A Day in Life of Security Analyst

Posted on February 10, 2025  •  2 minutes  • 359 words

As I continue to mentor new people that want to get into cybersecurity, there is one common question that I get which is, “What do you do everyday?” I have gottten this question so many times that I decided to write a blog post about it.

The role I have on my team is a incident responder. On paper, my role is to respond to any type of digital threat that happens on any digital asset that the company has. Incident responders are alerted to threats in different types of ways, but usually, the threat that my team and I respond to is through the alerts that our tools gives us, or through emails that come to my team. My role is to figure out the root cause of the alert, and figure out whether the alert is a true threat, and if it is to remediate the threat, or if it is not a true threat, figure out why the alert was generated, and if possible, figure out a way to stop the alert from generating again.

The first thing to do when I log in, is to figure out what alerts need immediate attention. What alerts needs to be worked first comes from experience, knowing the environment, and the maturity of the team. There are alerts everyday that are generated by people in the company, but most of the time, I try to pick up an alert that I have not seen before so I can learn something new.

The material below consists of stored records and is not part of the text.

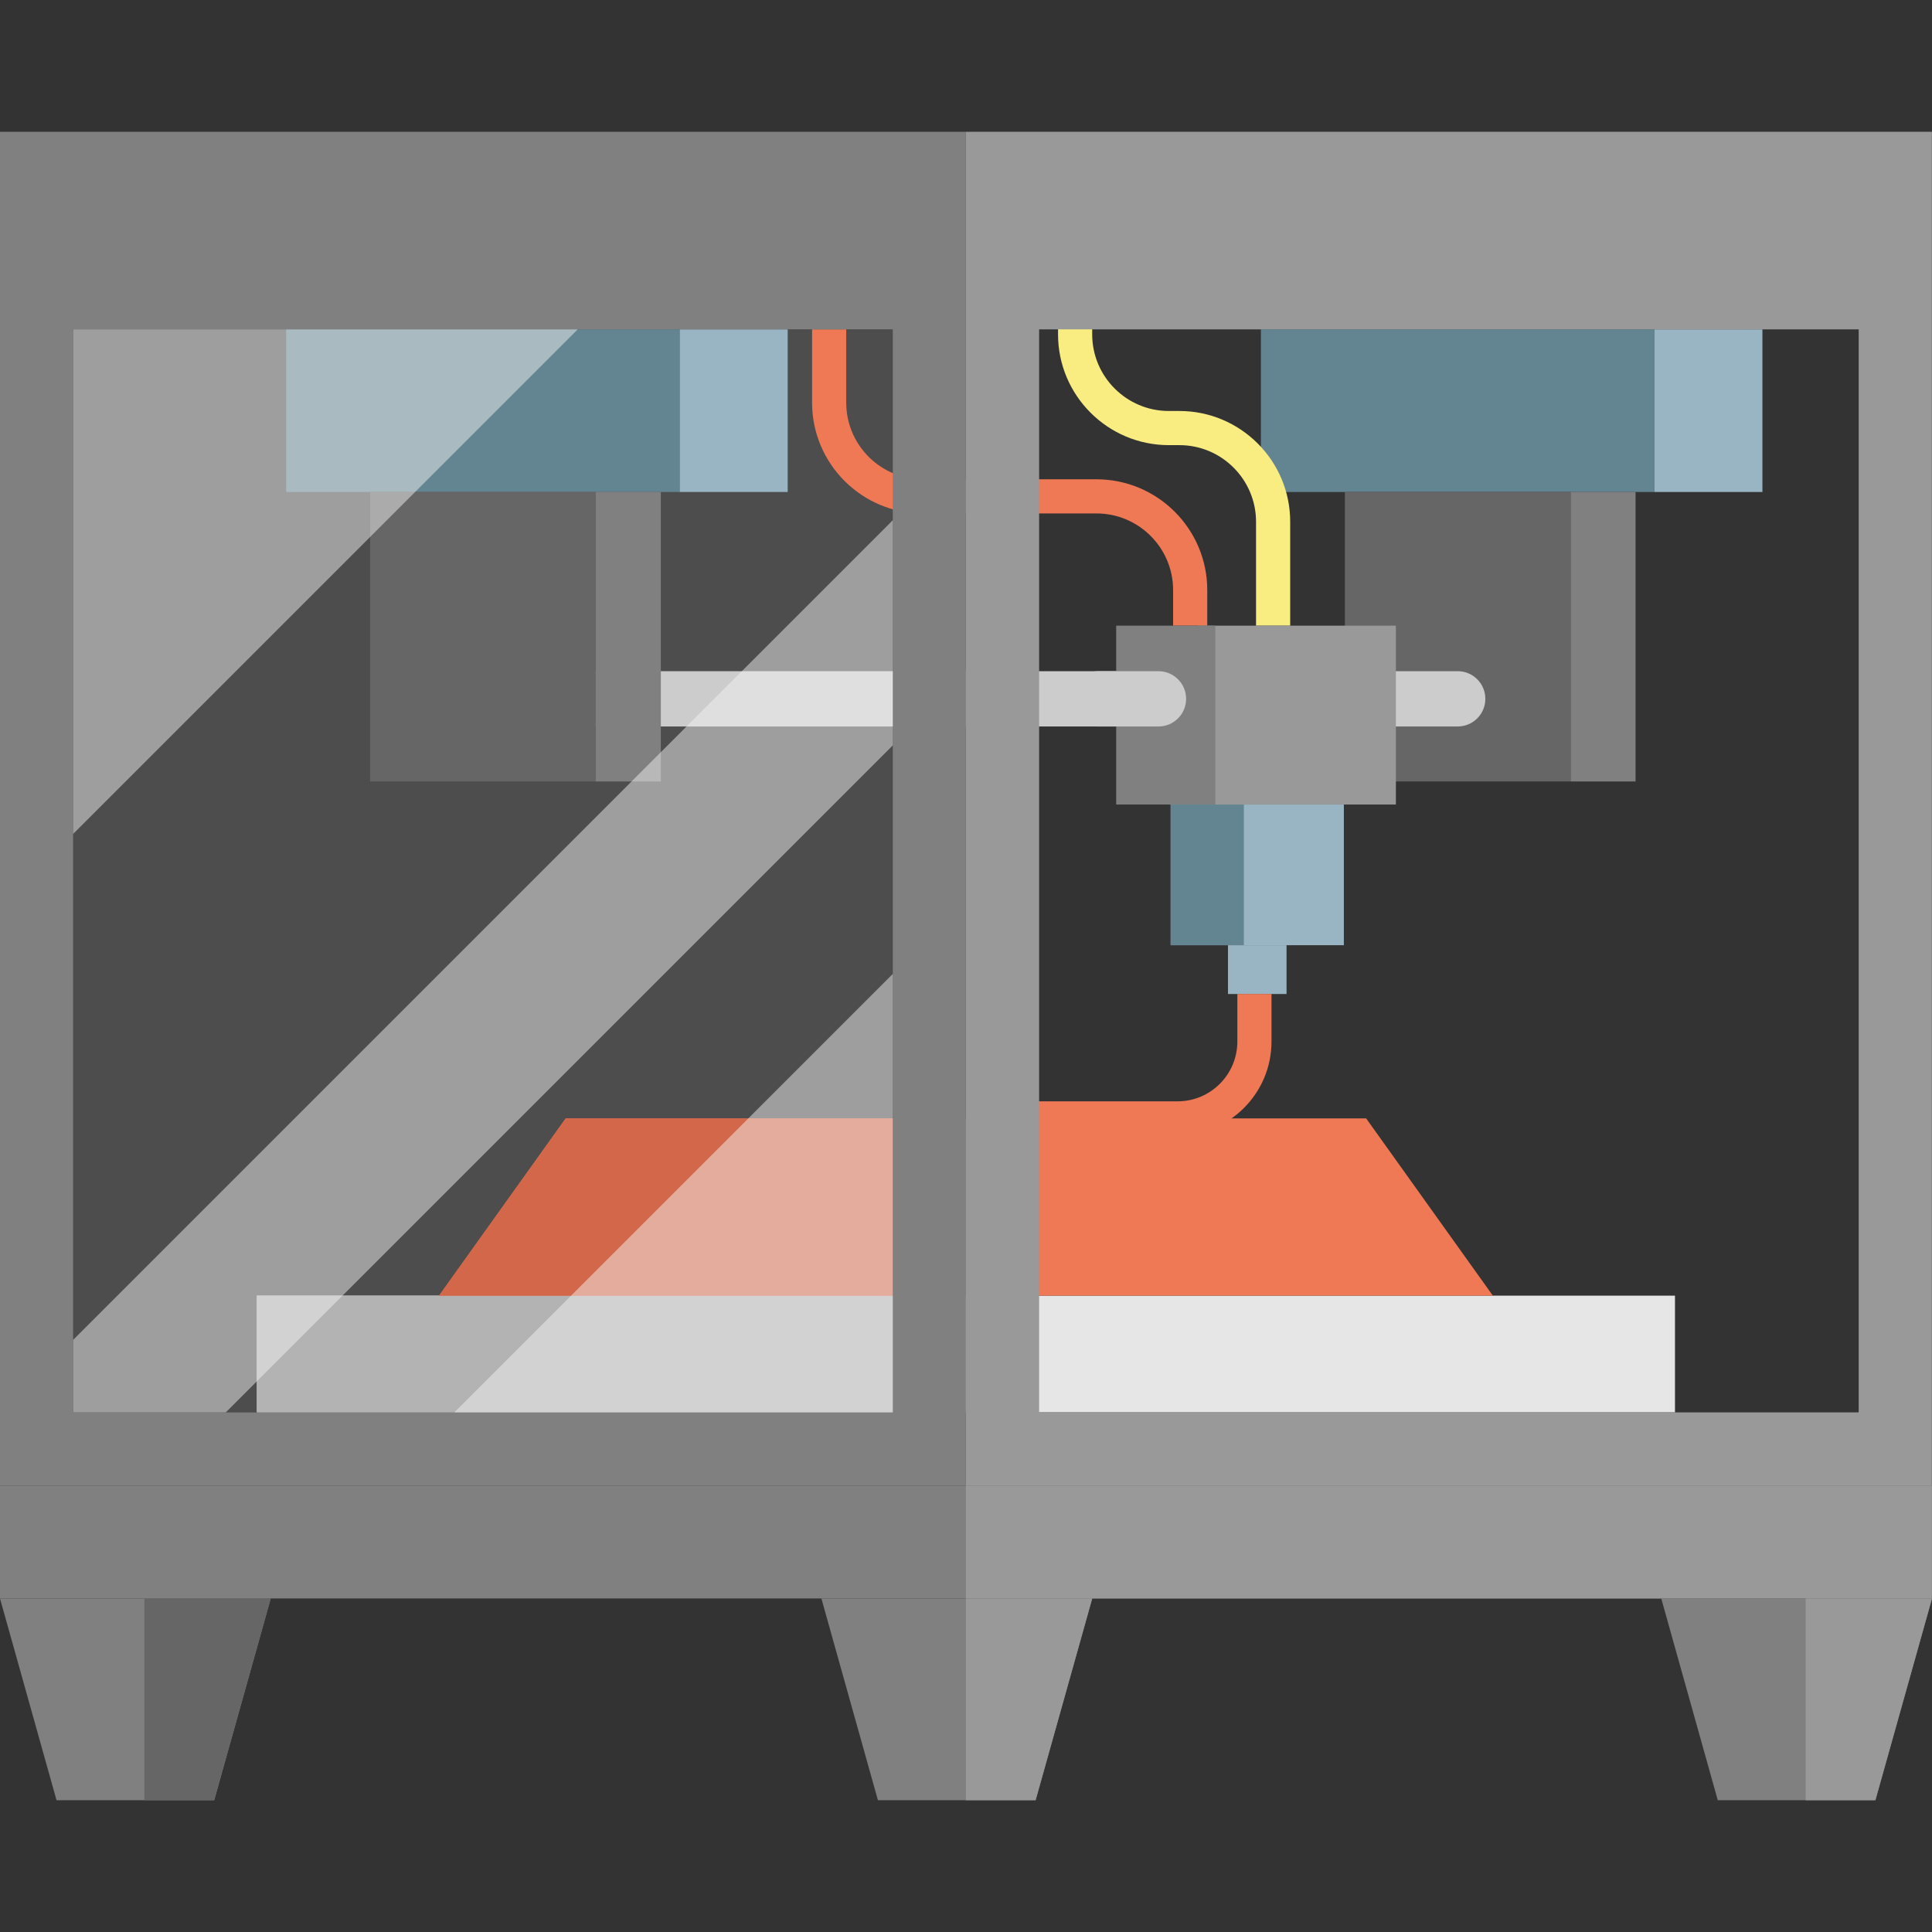 <?xml version="1.0" encoding="iso-8859-1"?>
<!-- Uploaded to: SVG Repo, www.svgrepo.com, Generator: SVG Repo Mixer Tools -->
<!DOCTYPE svg PUBLIC "-//W3C//DTD SVG 1.1//EN" "http://www.w3.org/Graphics/SVG/1.1/DTD/svg11.dtd">
<svg version="1.1" id="Capa_1" xmlns="http://www.w3.org/2000/svg" xmlns:xlink="http://www.w3.org/1999/xlink" 
	 viewBox="0 0 396.007 396.007" xml:space="preserve">
<rect x="0" y="0" width="396.007" height="396.007" fill="#333333" stroke="none"/>
<g>
	<rect x="258.454" y="67.511" style="fill:#638591;" width="80.667" height="33.333"/>
	<rect x="339.121" y="67.511" style="fill:#99B5C4;" width="22.126" height="33.333"/>
	<rect x="15.004" y="67.512" style="fill:#4D4D4D;" width="167.99" height="221.99"/>
	<path style="fill:#EF7954;" d="M247.454,128.242h-7v-7.296c0-8.659-7.045-15.704-15.704-15.704h-35.592
		c-12.52,0-22.704-10.185-22.704-22.704V67.511h7v15.027c0,8.659,7.045,15.704,15.704,15.704h35.592
		c12.52,0,22.704,10.185,22.704,22.704V128.242z"/>
	<path style="fill:#F9ED82;" d="M264.454,128.242h-7v-21.296c0-8.659-7.045-15.704-15.704-15.704h-2.176
		c-12.52,0-22.704-10.185-22.704-22.704V53.511h7v15.027c0,8.659,7.045,15.704,15.704,15.704h2.176
		c12.52,0,22.704,10.185,22.704,22.704V128.242z"/>
	<rect x="321.913" y="100.844" style="fill:#808080;" width="13.333" height="59.333"/>
	<rect x="275.662" y="100.844" style="fill:#666666;" width="46.251" height="59.333"/>
	<path style="fill:#CCCCCC;" d="M298.787,148.908h-195c-3.13,0-5.667-2.537-5.667-5.667v0c0-3.13,2.537-5.667,5.667-5.667h195
		c3.13,0,5.667,2.537,5.667,5.667v0C304.454,146.371,301.917,148.908,298.787,148.908z"/>
	<rect x="0" y="304.498" style="fill:#808080;" width="395.98" height="23.143"/>
	<rect x="197.99" y="304.498" style="fill:#999999;" width="197.99" height="23.143"/>
	<polygon style="fill:#808080;" points="55.497,327.642 0,327.642 11.587,368.995 43.91,368.995 	"/>
	<polygon style="fill:#808080;" points="223.86,327.642 168.362,327.642 179.95,368.995 212.272,368.995 	"/>
	<polygon style="fill:#808080;" points="396.007,327.642 340.51,327.642 352.097,368.995 384.42,368.995 	"/>
	<rect x="52.657" y="265.575" style="fill:#E6E6E6;" width="290.667" height="23.923"/>
	<rect x="52.657" y="265.575" style="fill:#B3B3B3;" width="136.797" height="23.923"/>
	<polygon style="fill:#999999;" points="197.99,327.642 197.99,368.995 212.272,368.995 223.886,327.642 	"/>
	<polygon style="fill:#666666;" points="29.601,327.642 29.601,368.995 43.883,368.995 55.497,327.642 	"/>
	<polygon style="fill:#999999;" points="370.111,327.642 370.111,368.995 384.393,368.995 396.007,327.642 	"/>
	<rect x="58.662" y="67.511" style="fill:#638591;" width="80.667" height="33.333"/>
	<rect x="122.121" y="100.844" style="fill:#808080;" width="13.333" height="59.333"/>
	<rect x="75.87" y="100.844" style="fill:#666666;" width="46.251" height="59.333"/>
	<rect x="139.328" y="67.511" style="fill:#99B5C4;" width="22.126" height="33.333"/>
	<rect x="245.454" y="128.242" style="fill:#999999;" width="40.667" height="36.667"/>
	<rect x="228.787" y="128.242" style="fill:#808080;" width="20.333" height="36.667"/>
	<path style="fill:#CCCCCC;" d="M237.454,148.908h-12.333c-3.13,0-5.667-2.537-5.667-5.667v0c0-3.13,2.537-5.667,5.667-5.667h12.333
		c3.13,0,5.667,2.537,5.667,5.667v0C243.121,146.371,240.584,148.908,237.454,148.908z"/>
	<g>
		<rect x="239.954" y="164.908" style="fill:#99B5C4;" width="35.5" height="28.833"/>
		<rect x="239.954" y="164.908" style="fill:#638591;" width="15" height="28.833"/>
	</g>
	<rect x="251.704" y="193.742" style="fill:#99B5C4;" width="12" height="10"/>
	<polygon style="fill:#EF7954;" points="305.994,265.572 89.994,265.572 115.954,229.242 280.024,229.242 	"/>
	<polygon style="fill:#D3674A;" points="197.994,229.242 197.994,265.572 89.994,265.572 115.954,229.242 	"/>
	<path style="fill:#EF7954;" d="M241.379,232.742h-43.385v-7h43.385c6.75,0,12.242-5.492,12.242-12.242v-9.758h7v9.758
		C260.621,224.11,251.989,232.742,241.379,232.742z"/>
	<path style="fill:#999999;" d="M197.99,27.012v277.486h197.99V27.012H197.99z M380.98,289.498H212.99V67.511h167.99V289.498z"/>
	<path style="fill:#808080;" d="M0,27.012v277.486h197.99V27.012H0z M182.99,289.498H15V67.511h167.99V289.498z"/>
	<g>
		<polygon style="opacity:0.49;fill:#F2F2F2;" points="15.004,67.512 15.004,170.922 118.414,67.512 		"/>
		<polygon style="opacity:0.49;fill:#F2F2F2;" points="93.124,289.502 182.994,289.502 182.994,199.632 		"/>
		<polygon style="opacity:0.49;fill:#F2F2F2;" points="15.004,274.622 15.004,289.502 46.274,289.502 182.994,152.782 
			182.994,106.632 		"/>
	</g>
</g>
</svg>

I also try to mentor the more junior people on my team by writing playbooks on how to work certain alerts. These playbooks take time to write because instructions have to be clear so that anyone can do independently.

Depending on the day, I also try to write tooling to make my job easier, or to find gaps our ecosystem that exist. I also spend some time learning about new technologies and see how threat actors can exploit it.

One of the things that I like about my job is that there are no two days that are the same and I get to learn new things everyday.